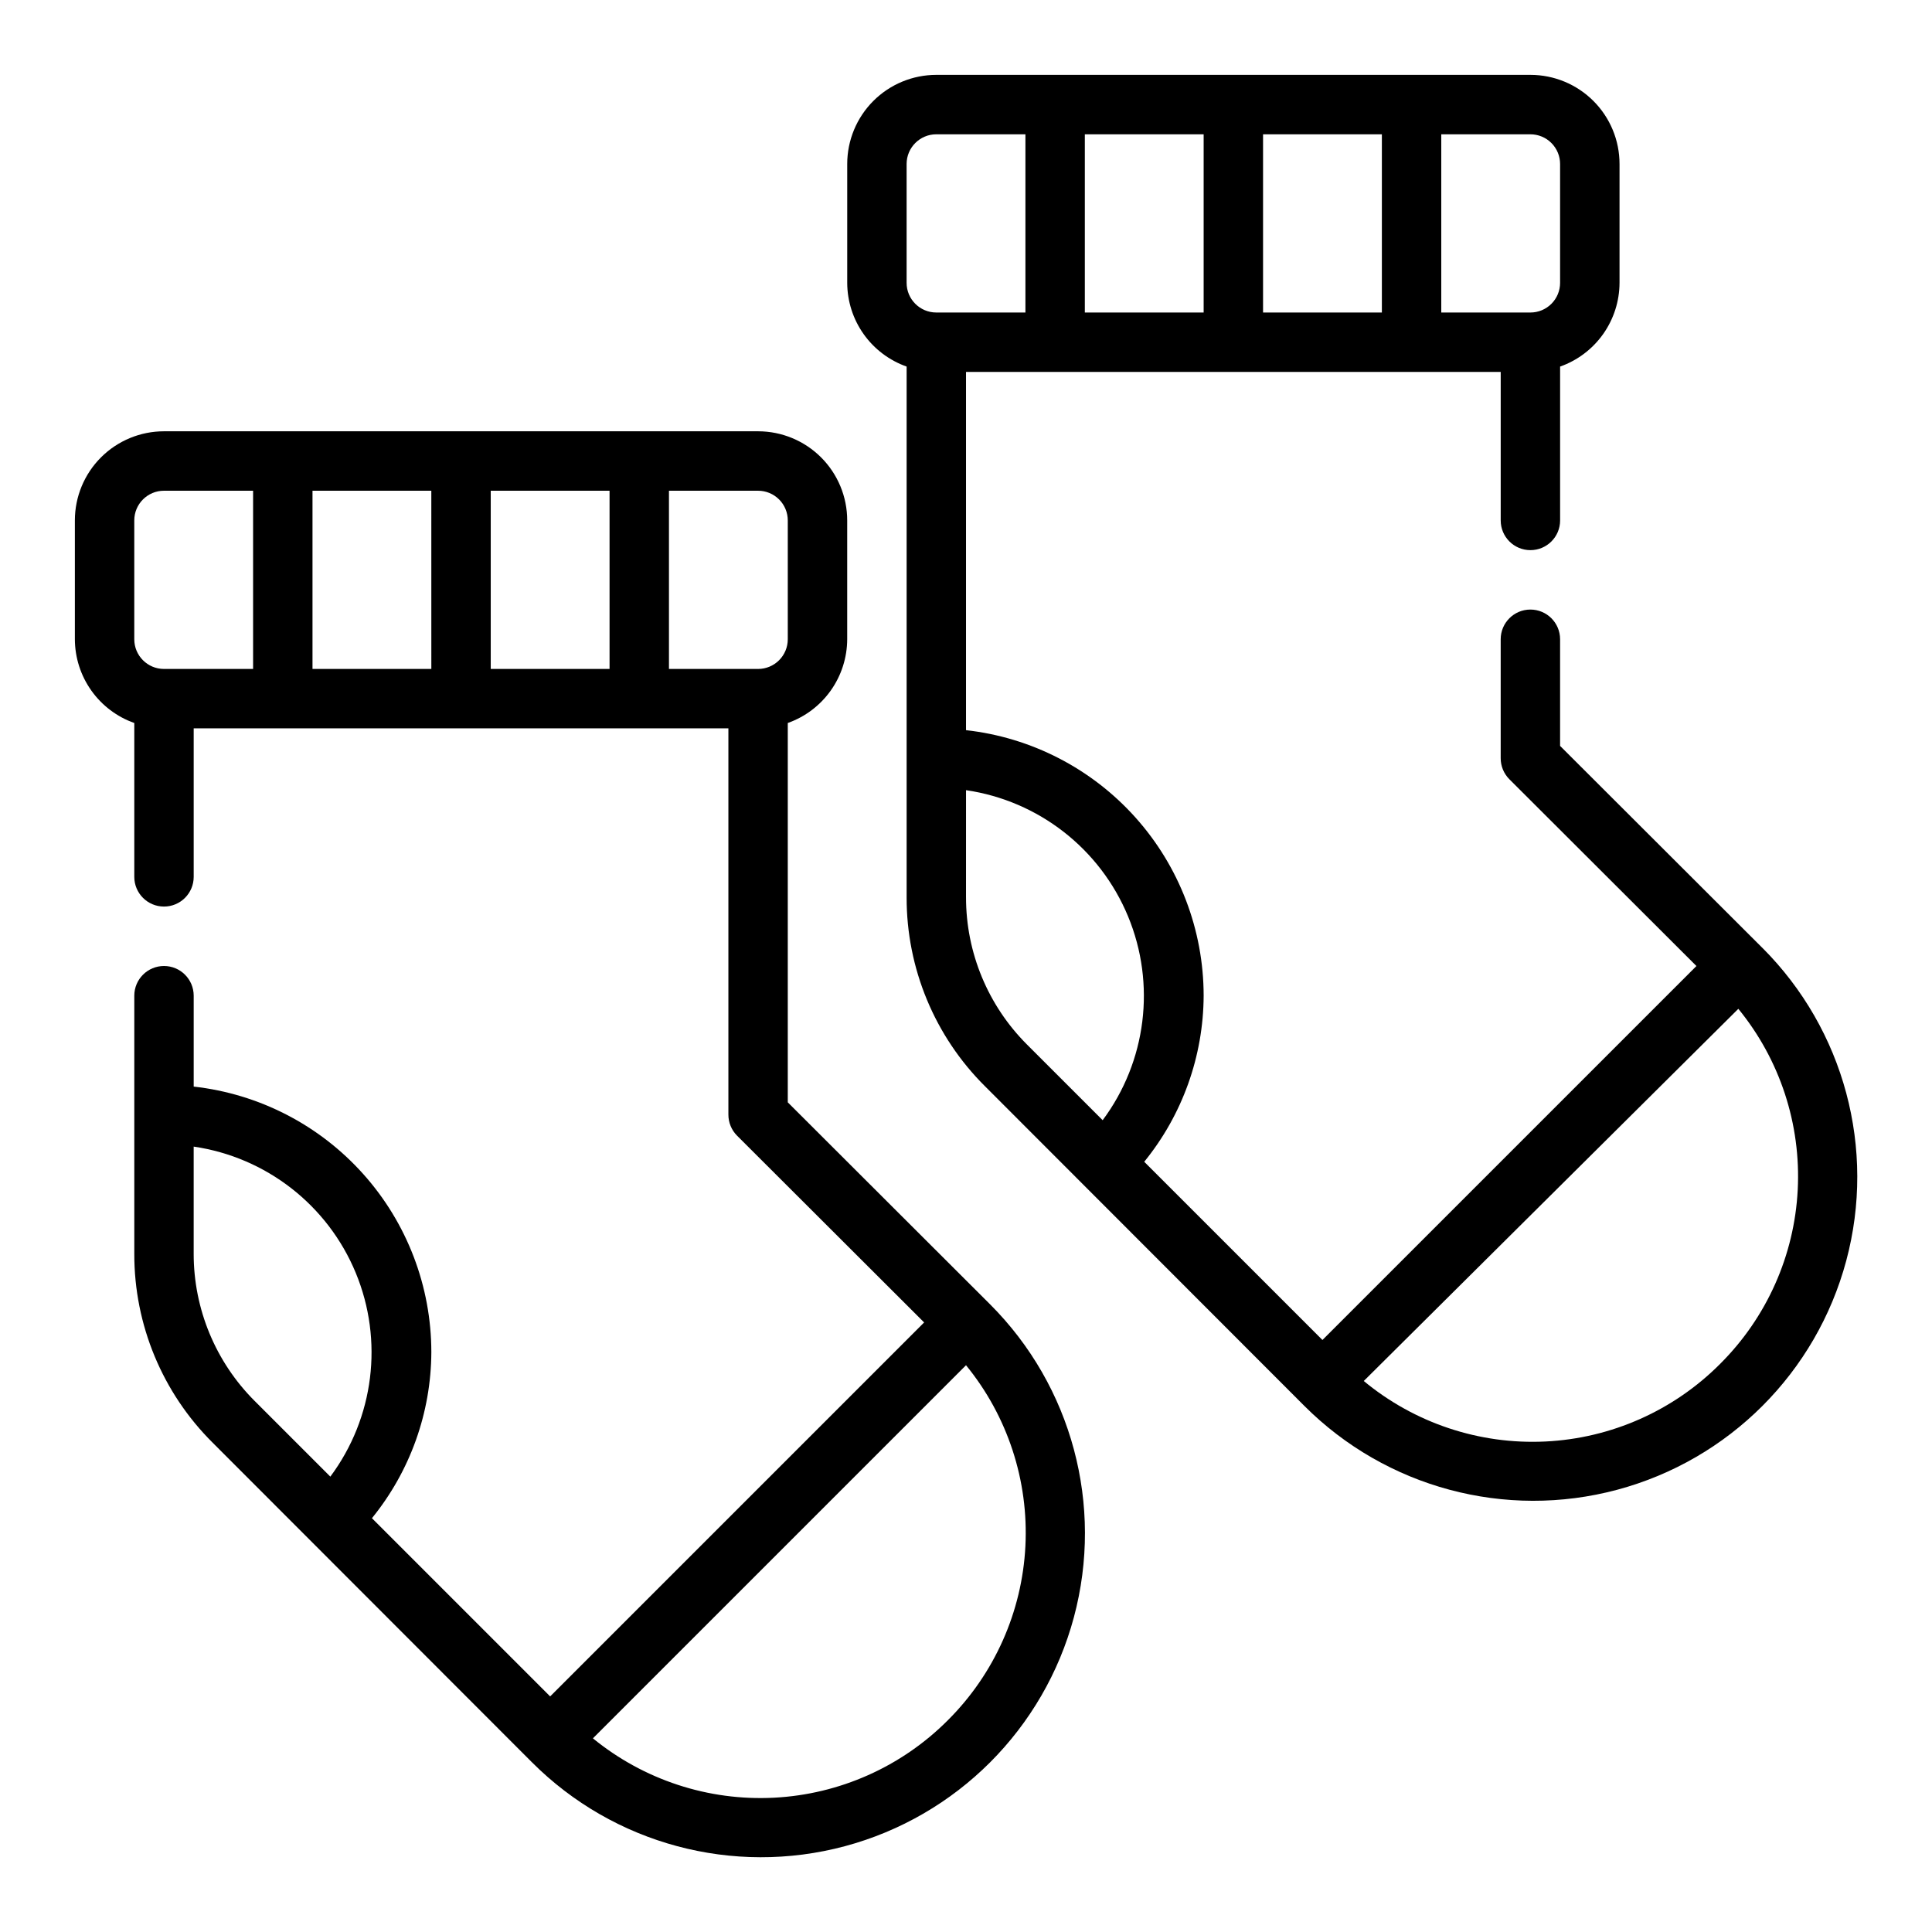 <?xml version="1.0" encoding="UTF-8"?>
<!-- Uploaded to: ICON Repo, www.svgrepo.com, Generator: ICON Repo Mixer Tools -->
<svg fill="#000000" width="800px" height="800px" version="1.1" viewBox="144 144 512 512" xmlns="http://www.w3.org/2000/svg">
 <g>
  <path d="m352.77 436.13v-100.53c4.594-1.625 8.574-4.629 11.391-8.605 2.82-3.973 4.34-8.723 4.356-13.594v-31.488c0-6.262-2.488-12.27-6.918-16.699s-10.438-6.918-16.699-6.918h-157.44c-6.262 0-12.27 2.488-16.699 6.918-4.43 4.43-6.918 10.438-6.918 16.699v31.488c0.016 4.871 1.535 9.621 4.356 13.594 2.816 3.977 6.797 6.981 11.391 8.605v40.777c0 4.348 3.523 7.871 7.871 7.871s7.871-3.523 7.871-7.871v-39.359h141.7v102.34c-0.012 2.09 0.809 4.102 2.281 5.59l49.594 49.512-99.109 99.109-47.23-47.23c10.117-12.441 15.676-27.969 15.742-44.004-0.008-17.422-6.434-34.23-18.051-47.211-11.617-12.984-27.609-21.23-44.926-23.168v-24.086c0-4.348-3.523-7.871-7.871-7.871s-7.871 3.523-7.871 7.871v68.406c-0.035 18.797 7.449 36.824 20.781 50.066l84.625 84.703c21.684 21.684 53.289 30.152 82.91 22.215 29.617-7.938 52.754-31.07 60.691-60.691 7.938-29.621-0.531-61.227-22.215-82.91zm0-154.21v31.488c0 2.086-0.828 4.09-2.305 5.566-1.477 1.477-3.481 2.305-5.566 2.305h-23.617v-47.23h23.617c2.086 0 4.09 0.828 5.566 2.305 1.477 1.477 2.305 3.481 2.305 5.566zm-78.719-7.871h31.488v47.23h-31.488zm-15.742 47.23h-31.492v-47.23h31.488zm-78.723-39.359c0-4.348 3.523-7.871 7.871-7.871h23.617v47.23h-23.617c-4.348 0-7.871-3.523-7.871-7.871zm15.742 194.36v-28.418c19.207 2.809 35.52 15.512 42.945 33.445 7.426 17.934 4.867 38.453-6.731 54.016l-20.074-20.074c-10.336-10.336-16.141-24.352-16.141-38.969zm199.87 123.59v0.004c-12.285 12.332-28.723 19.652-46.109 20.539-17.387 0.887-34.48-4.723-47.961-15.738l98.875-98.875c11.016 13.48 16.625 30.578 15.738 47.965-0.887 17.383-8.211 33.82-20.543 46.109z"/>
  <path d="m611.05 395.2-53.609-53.527v-28.262c0-4.348-3.523-7.871-7.871-7.871s-7.871 3.523-7.871 7.871v31.488c-0.012 2.094 0.809 4.102 2.281 5.59l49.594 49.516-99.109 99.105-47.23-47.23c10.117-12.441 15.676-27.969 15.746-44.004-0.012-17.422-6.438-34.23-18.055-47.211-11.617-12.984-27.609-21.23-44.922-23.164v-94.938h141.7v39.359c0 4.348 3.523 7.871 7.871 7.871s7.871-3.523 7.871-7.871v-40.777c4.594-1.625 8.574-4.629 11.395-8.602 2.816-3.977 4.336-8.727 4.352-13.598v-31.488c0-6.262-2.488-12.27-6.918-16.699-4.43-4.43-10.434-6.918-16.699-6.918h-157.44c-6.262 0-12.27 2.488-16.699 6.918-4.426 4.43-6.914 10.438-6.914 16.699v31.488c0.012 4.871 1.531 9.621 4.352 13.598 2.82 3.973 6.797 6.977 11.391 8.602v140.67c-0.035 18.797 7.449 36.824 20.781 50.066l84.625 84.703c21.684 21.684 53.289 30.152 82.91 22.215 29.621-7.934 52.754-31.07 60.691-60.691 7.938-29.621-0.531-61.227-22.215-82.91zm-148.07-168.38h-31.488v-47.23h31.488zm15.742-47.23h31.488v47.23h-31.488zm78.719 7.871v31.488c0 2.09-0.828 4.09-2.305 5.566-1.477 1.477-3.477 2.305-5.566 2.305h-23.617v-47.23h23.617c2.09 0 4.09 0.828 5.566 2.305 1.477 1.477 2.305 3.481 2.305 5.566zm-173.18 0c0-4.348 3.523-7.871 7.871-7.871h23.617v47.23h-23.617c-4.348 0-7.871-3.523-7.871-7.871zm15.742 194.36 0.004-28.418c19.203 2.809 35.516 15.512 42.941 33.445 7.426 17.934 4.867 38.453-6.731 54.016l-20.074-20.074c-10.336-10.336-16.141-24.352-16.137-38.969zm199.87 123.59 0.004 0.004c-12.34 12.406-28.871 19.754-46.348 20.598-17.48 0.844-34.641-4.875-48.117-16.035l99.266-98.633c11.016 13.477 16.625 30.574 15.738 47.961-0.887 17.387-8.207 33.82-20.539 46.109z"/>
 </g>
</svg>

▶ Problem statement
Please print all the entries exactly as written, but drop the pictures.

▶ Written answer
 <?xml version="1.0" encoding="UTF-8"?>
<!-- Uploaded to: ICON Repo, www.svgrepo.com, Generator: ICON Repo Mixer Tools -->
<svg fill="#000000" width="800px" height="800px" version="1.1" viewBox="144 144 512 512" xmlns="http://www.w3.org/2000/svg">
 <g>
  <path d="m352.77 436.13v-100.53c4.594-1.625 8.574-4.629 11.391-8.605 2.82-3.973 4.34-8.723 4.356-13.594v-31.488c0-6.262-2.488-12.27-6.918-16.699s-10.438-6.918-16.699-6.918h-157.44c-6.262 0-12.27 2.488-16.699 6.918-4.43 4.43-6.918 10.438-6.918 16.699v31.488c0.016 4.871 1.535 9.621 4.356 13.594 2.816 3.977 6.797 6.981 11.391 8.605v40.777c0 4.348 3.523 7.871 7.871 7.871s7.871-3.523 7.871-7.871v-39.359h141.7v102.34c-0.012 2.09 0.809 4.102 2.281 5.59l49.594 49.512-99.109 99.109-47.23-47.23c10.117-12.441 15.676-27.969 15.742-44.004-0.008-17.422-6.434-34.23-18.051-47.211-11.617-12.984-27.609-21.23-44.926-23.168v-24.086c0-4.348-3.523-7.871-7.871-7.871s-7.871 3.523-7.871 7.871v68.406c-0.035 18.797 7.449 36.824 20.781 50.066l84.625 84.703c21.684 21.684 53.289 30.152 82.91 22.215 29.617-7.938 52.754-31.07 60.691-60.691 7.938-29.621-0.531-61.227-22.215-82.91zm0-154.21v31.488c0 2.086-0.828 4.09-2.305 5.566-1.477 1.477-3.481 2.305-5.566 2.305h-23.617v-47.23h23.617c2.086 0 4.09 0.828 5.566 2.305 1.477 1.477 2.305 3.481 2.305 5.566zm-78.719-7.871h31.488v47.23h-31.488zm-15.742 47.23h-31.492v-47.23h31.488zm-78.723-39.359c0-4.348 3.523-7.871 7.871-7.871h23.617v47.23h-23.617c-4.348 0-7.871-3.523-7.871-7.871zm15.742 194.36v-28.418c19.207 2.809 35.52 15.512 42.945 33.445 7.426 17.934 4.867 38.453-6.731 54.016l-20.074-20.074c-10.336-10.336-16.141-24.352-16.141-38.969zm199.87 123.59v0.004c-12.285 12.332-28.723 19.652-46.109 20.539-17.387 0.887-34.48-4.723-47.961-15.738l98.875-98.875c11.016 13.48 16.625 30.578 15.738 47.965-0.887 17.383-8.211 33.82-20.543 46.109z"/>
  <path d="m611.05 395.2-53.609-53.527v-28.262c0-4.348-3.523-7.871-7.871-7.871s-7.871 3.523-7.871 7.871v31.488c-0.012 2.094 0.809 4.102 2.281 5.59l49.594 49.516-99.109 99.105-47.23-47.23c10.117-12.441 15.676-27.969 15.746-44.004-0.012-17.422-6.438-34.23-18.055-47.211-11.617-12.984-27.609-21.23-44.922-23.164v-94.938h141.7v39.359c0 4.348 3.523 7.871 7.871 7.871s7.871-3.523 7.871-7.871v-40.777c4.594-1.625 8.574-4.629 11.395-8.602 2.816-3.977 4.336-8.727 4.352-13.598v-31.488c0-6.262-2.488-12.27-6.918-16.699-4.43-4.43-10.434-6.918-16.699-6.918h-157.44c-6.262 0-12.27 2.488-16.699 6.918-4.426 4.43-6.914 10.438-6.914 16.699v31.488c0.012 4.871 1.531 9.621 4.352 13.598 2.82 3.973 6.797 6.977 11.391 8.602v140.67c-0.035 18.797 7.449 36.824 20.781 50.066l84.625 84.703c21.684 21.684 53.289 30.152 82.91 22.215 29.621-7.934 52.754-31.07 60.691-60.691 7.938-29.621-0.531-61.227-22.215-82.91zm-148.07-168.38h-31.488v-47.23h31.488zm15.742-47.23h31.488v47.23h-31.488zm78.719 7.871v31.488c0 2.09-0.828 4.09-2.305 5.566-1.477 1.477-3.477 2.305-5.566 2.305h-23.617v-47.23h23.617c2.09 0 4.09 0.828 5.566 2.305 1.477 1.477 2.305 3.481 2.305 5.566zm-173.18 0c0-4.348 3.523-7.871 7.871-7.871h23.617v47.23h-23.617c-4.348 0-7.871-3.523-7.871-7.871zm15.742 194.36 0.004-28.418c19.203 2.809 35.516 15.512 42.941 33.445 7.426 17.934 4.867 38.453-6.731 54.016l-20.074-20.074c-10.336-10.336-16.141-24.352-16.137-38.969zm199.87 123.59 0.004 0.004c-12.34 12.406-28.871 19.754-46.348 20.598-17.48 0.844-34.641-4.875-48.117-16.035l99.266-98.633c11.016 13.477 16.625 30.574 15.738 47.961-0.887 17.387-8.207 33.82-20.539 46.109z"/>
 </g>
</svg>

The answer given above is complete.